Mental Health Parity
Federal law requires most insurance plans to cover mental health and substance use disorder services at the same level as medical/surgical care. This guide helps you access those benefits.Understanding Your Insurance
Premium: monthly payment for coverage. Deductible: amount you pay before insurance kicks in. Copay: fixed amount per visit. Coinsurance: percentage you pay after deductible. Out-of-pocket maximum: most you'll pay in a year. In-network vs out-of-network: providers contracted with your insurance vs. not.Finding Your Mental Health Benefits
Call the member services number on your insurance card. Ask: What is my mental health copay/coinsurance? How many therapy sessions are covered? Do I need preauthorization? What is my deductible? Is there a session limit?Finding In-Network Providers
Use your insurance company's online directory. Call member services for a list. Ask providers directly if they accept your insurance. Verify they're still in-network before scheduling — directories can be outdated.Verifying Coverage
Before your first appointment, call your insurance to verify: Is this provider in-network? Do I need prior authorization? What will my out-of-pocket cost be? Get a reference number for the call.Out-of-Network Options
Some plans offer out-of-network benefits with higher costs.
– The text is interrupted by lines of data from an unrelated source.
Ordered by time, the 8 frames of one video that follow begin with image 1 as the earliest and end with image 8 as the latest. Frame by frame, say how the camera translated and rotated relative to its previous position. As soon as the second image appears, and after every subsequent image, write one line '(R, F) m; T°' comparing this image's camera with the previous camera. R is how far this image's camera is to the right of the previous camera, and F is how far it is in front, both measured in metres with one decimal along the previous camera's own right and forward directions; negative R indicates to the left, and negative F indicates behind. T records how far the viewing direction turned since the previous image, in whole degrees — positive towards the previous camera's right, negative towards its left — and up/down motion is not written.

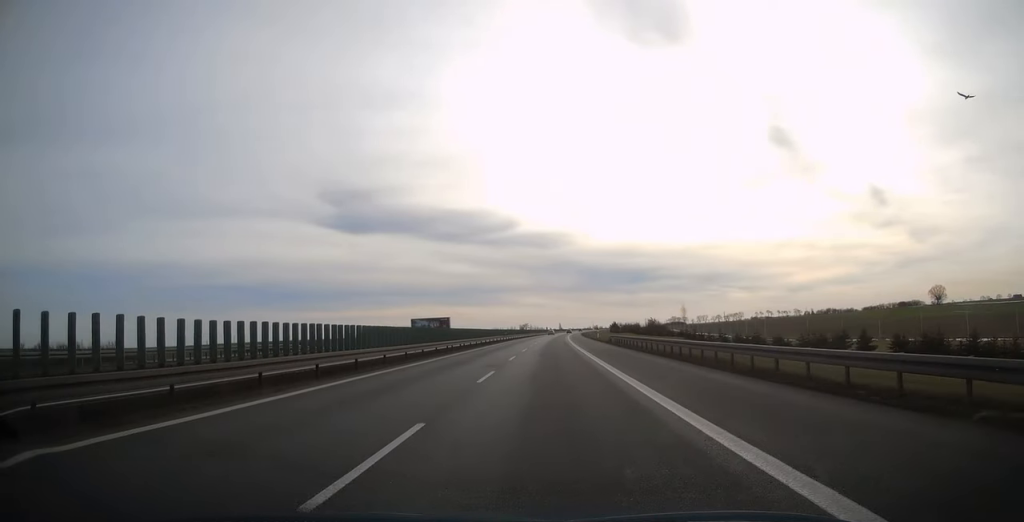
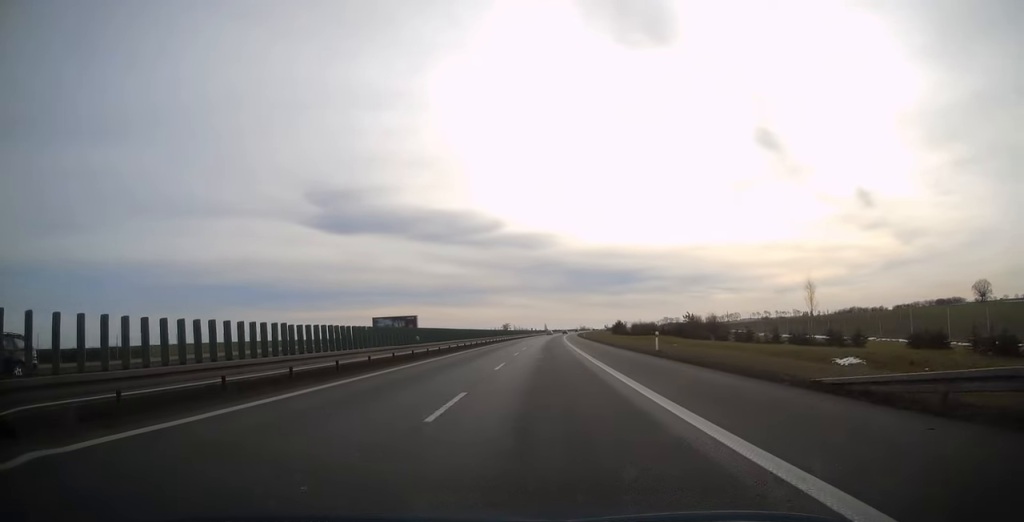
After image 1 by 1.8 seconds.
(+0.3, +53.4) m; +1°
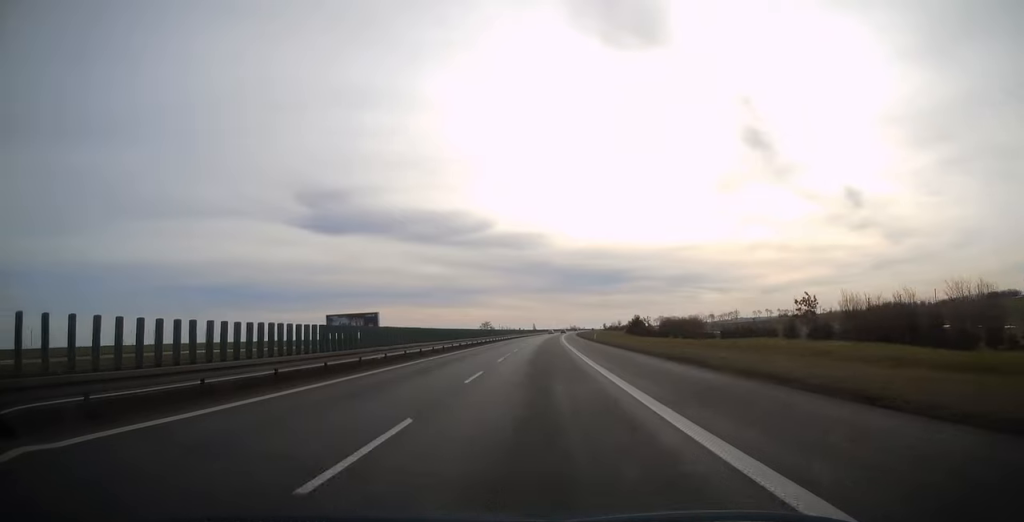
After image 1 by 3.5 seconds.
(+0.8, +52.5) m; +1°
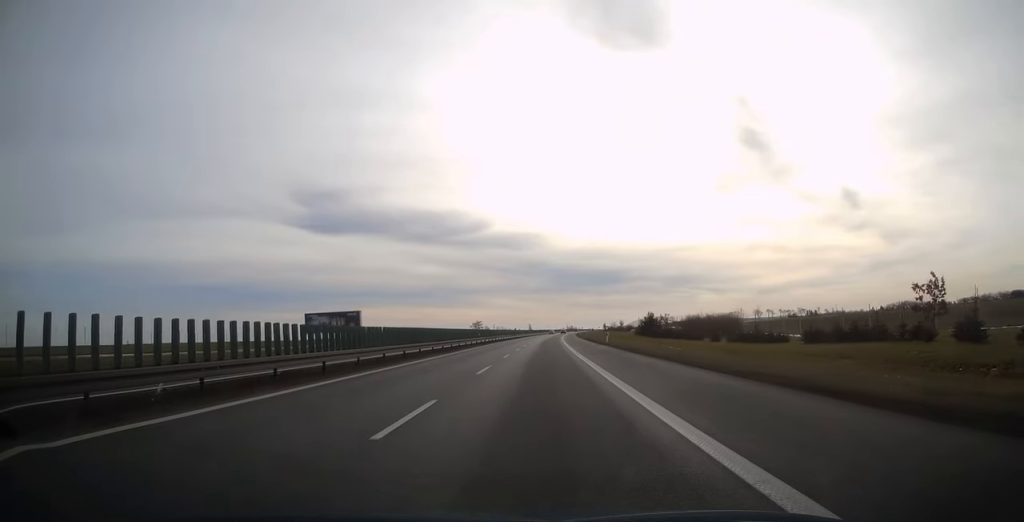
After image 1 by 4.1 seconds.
(+0.1, +19.8) m; 0°
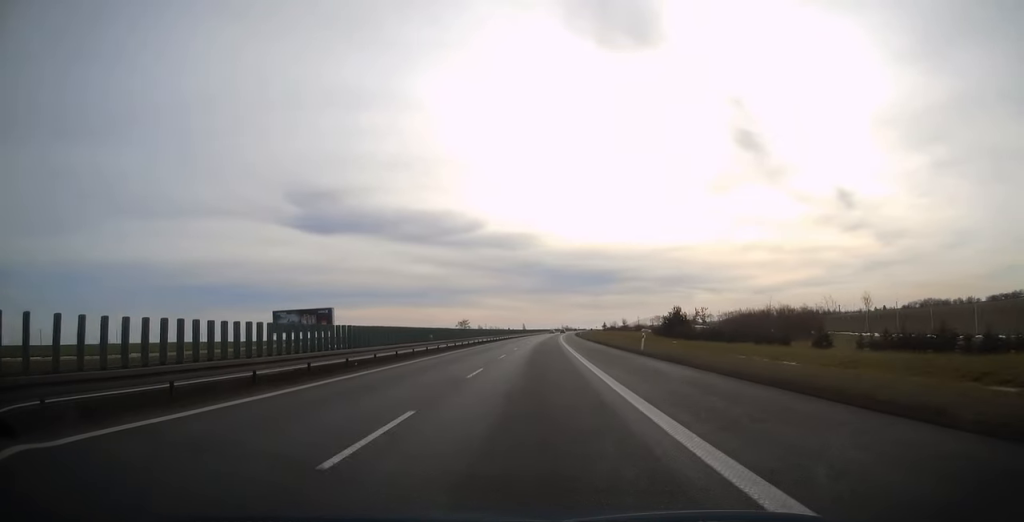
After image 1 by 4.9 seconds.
(0.0, +24.9) m; 0°
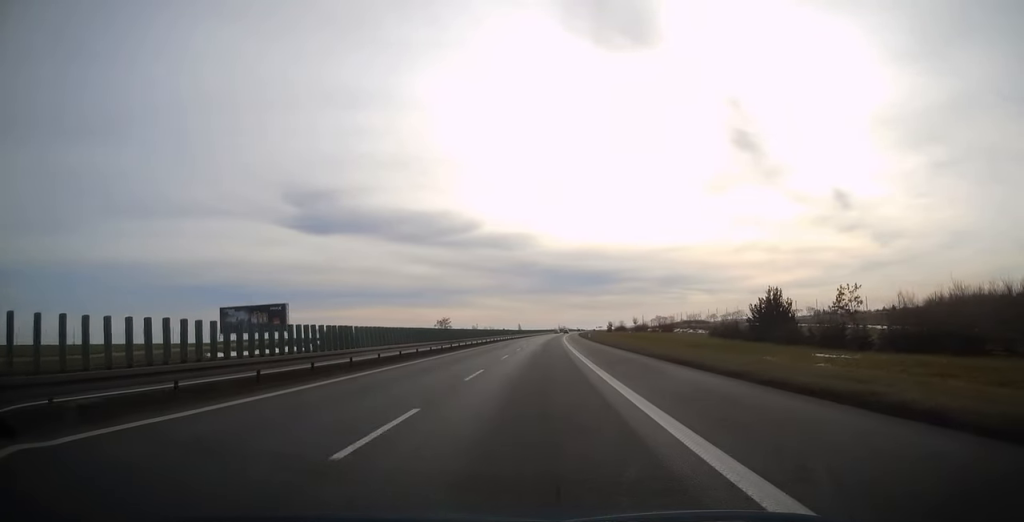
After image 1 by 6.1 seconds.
(+0.2, +35.6) m; +1°
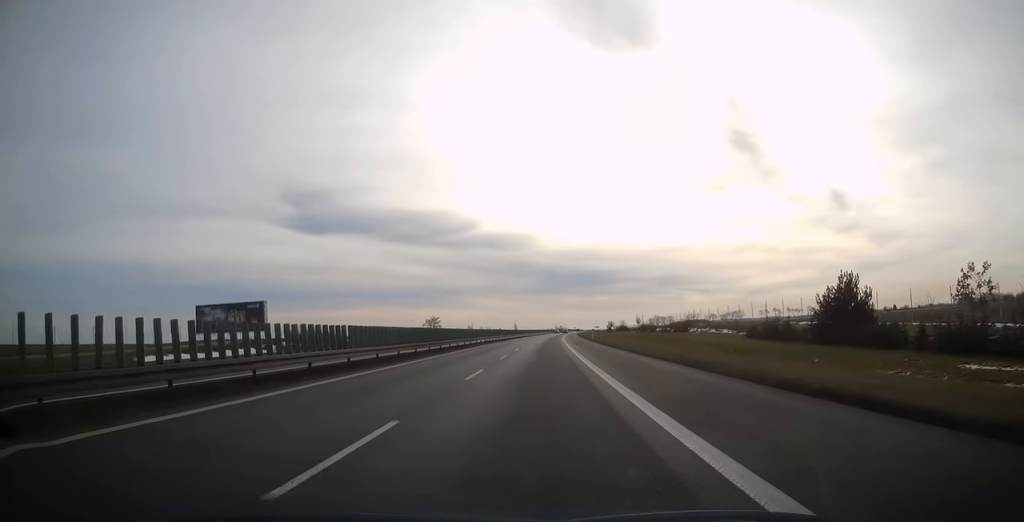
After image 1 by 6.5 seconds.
(+0.1, +12.2) m; 0°
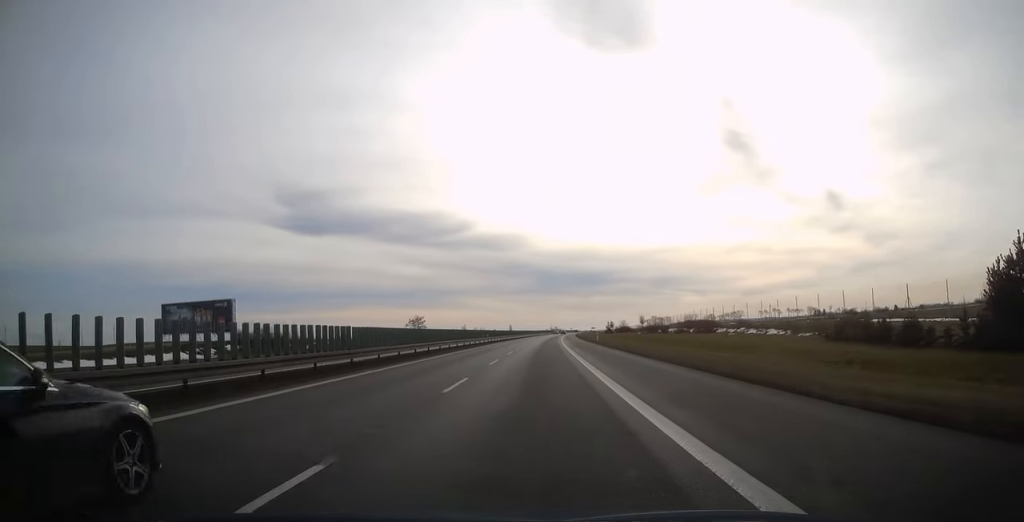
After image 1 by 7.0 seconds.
(0.0, +15.3) m; 0°

You may be able to submit claims for reimbursement. Ask about single-case agreements if your plan lacks in-network providers for your needs.Appealing Denials
If a claim is denied: Request a written explanation. Ask your provider to submit a letter of medical necessity. File an internal appeal with your insurance. If denied again, request an external review. Contact your state insurance commissioner if needed.Options Without Insurance
Community mental health centers offer sliding-scale fees. University counseling clinics often have low-cost therapy. Open Path Collective offers therapy $30-$80/session. Some therapists offer sliding scale fees. Consider teletherapy platforms for lower costs.